Search code examples
rubybinaryfilesbinary-datapackunpack

Ruby - Unpack array with mixed types


I am trying to use unpack to decode a binary file. The binary file has the following structure:

ABCDEF\tFFFABCDEF\tFFFF....

where

ABCDEF -> String of fixed length
\t -> tab character
FFF -> 3 Floats
.... -> repeat thousands of times

I know how to do it when types are all the same or with only numbers and fixed length arrays, but I am struggling in this situation. For example, if I had a list of floats I would do

s.unpack('F*')

Or if I had integers and floats like

[1, 3.4, 5.2, 4, 2.3, 7.8]

I would do

s.unpack('CF2CF2')

But in this case I am a bit lost. I was hoping to use a format string such `(CF2)*' with brackets, but it does not work.

I need to use Ruby 2.0.0-p247 if that matters

Example

ary = ["ABCDEF\t", 3.4, 5.6, 9.1, "FEDCBA\t", 2.5, 8.9, 3.1]
s = ary.pack('P7fffP7fff')

then

s.scan(/.{19}/)
["\xA8lf\xF9\xD4\x7F\x00\x00\x9A\x99Y@33\xB3@\x9A\x99\x11", "A\x80lf\xF9\xD4\x7F\x00\x00\x00\x00 @ff\x0EAff"]

Finally

s.scan(/.{19}/).map{ |item| item.unpack('P7fff') }
Error: #<ArgumentError: no associated pointer>
<main>:in `unpack'
<main>:in `block in <main>'
<main>:in `map'
<main>:in `<main>'

Solution

  • You could read the file in small chunks of 19 bytes and use 'A7fff' to pack and unpack. Do not use pointers to structure ('p' and 'P'), as they need more than 19 bytes to encode your information. You could also use 'A6xfff' to ignore the 7th byte and get a string with 6 chars.

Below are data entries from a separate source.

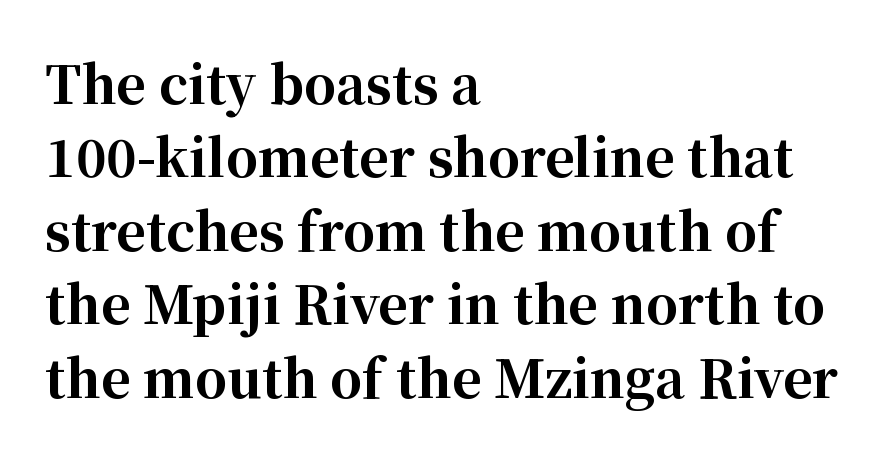
{"serif": "yes", "italic": "no", "bold": "yes", "weight": "bold", "width": "normal", "stroke_contrast": "high", "x_height": "medium", "monospaced": "no", "underline": "no", "align": "left", "line_spacing": "normal", "line_spacing_ratio": 1.44, "letter_spacing": "normal", "letter_spacing_em": 0.0, "glyph_px": 51}
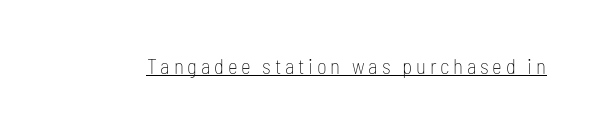
{"italic": "no", "bold": "no", "underline": "yes", "glyph_px": 21}
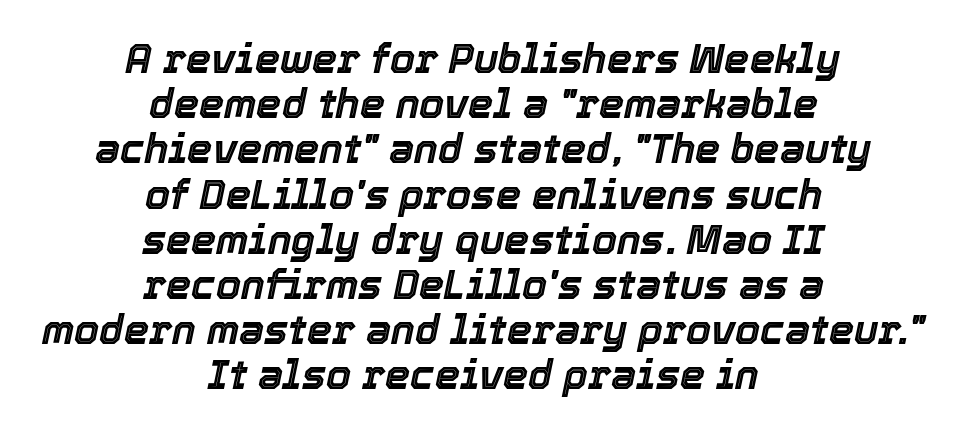
Q: Is the text italic (slanted)? A: Yes, it leans right by about 12 degrees.
Q: Is the text underlined? A: No.
Q: How is the paragraph aligned? A: Centered.
Q: Is the spacing between letters normal or unusually wide? A: Normal.
Q: Is the spacing between lines tight, normal or loose? A: Tight.
Q: Width (condensed, normal, or wide)? A: Normal.
Q: x-height? A: Medium.
Q: Monospaced? A: No.
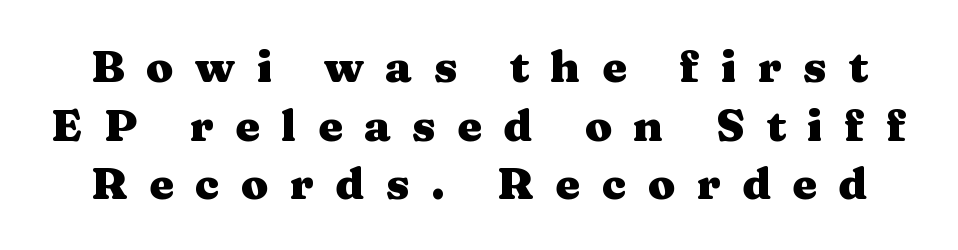
{"serif": "yes", "italic": "no", "bold": "yes", "weight": "heavy", "width": "wide", "stroke_contrast": "medium", "x_height": "medium", "monospaced": "no", "underline": "no", "line_spacing": "normal", "line_spacing_ratio": 1.33, "letter_spacing": "wide", "letter_spacing_em": 0.49, "glyph_px": 44}
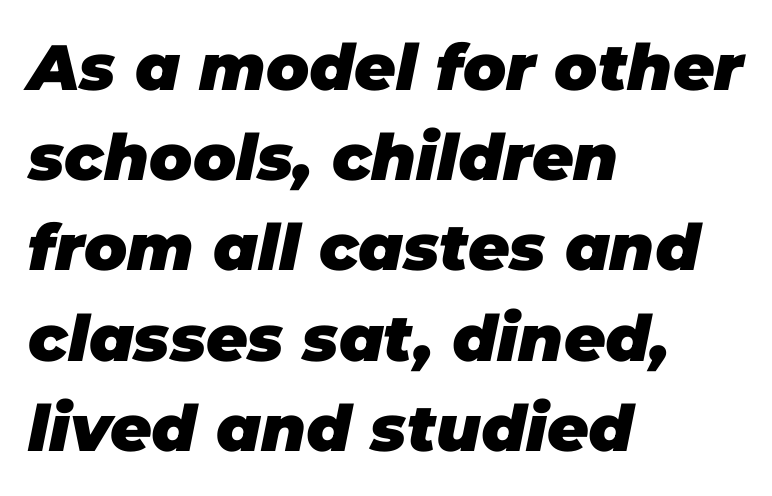
The image shows 64 px heavy type, italic (leaning right); set left-aligned, normal line spacing (1.41x), normal letter spacing, not underlined; low stroke contrast and a large x-height.
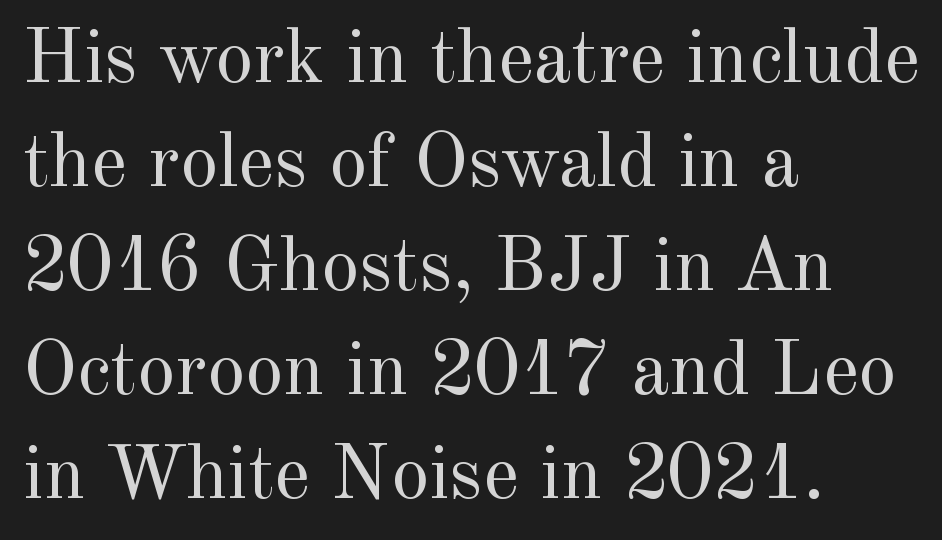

    Here's an example, which is similar to the documentation of IO.read:

    data = [["ABCDEF\t", 3.4, 5.6, 9.1], 
            ["FEDCBA\t", 2.5, 8.9, 3.1]]
    binary_file = 'data.bin'
    chunk_size = 19
    pattern = 'A7fff'
    
    File.open(binary_file, 'wb') do |o|
      data.each do |row|
        o.write row.pack(pattern)
      end
    end
    
    raise "Something went wrong. Please check data, pattern and chunk_size." unless File.size(binary_file) == data.length * chunk_size
    
    File.open(binary_file, 'rb') do |f|
      while record = f.read(chunk_size)
        puts '%s %g %g %g' % record.unpack(pattern)
      end
    end
    # =>
    #    ABCDEF   3.4 5.6 9.1
    #    FEDCBA   2.5 8.9 3.1
    

    You could use a multiple of 19 to speed up the process if your file is large.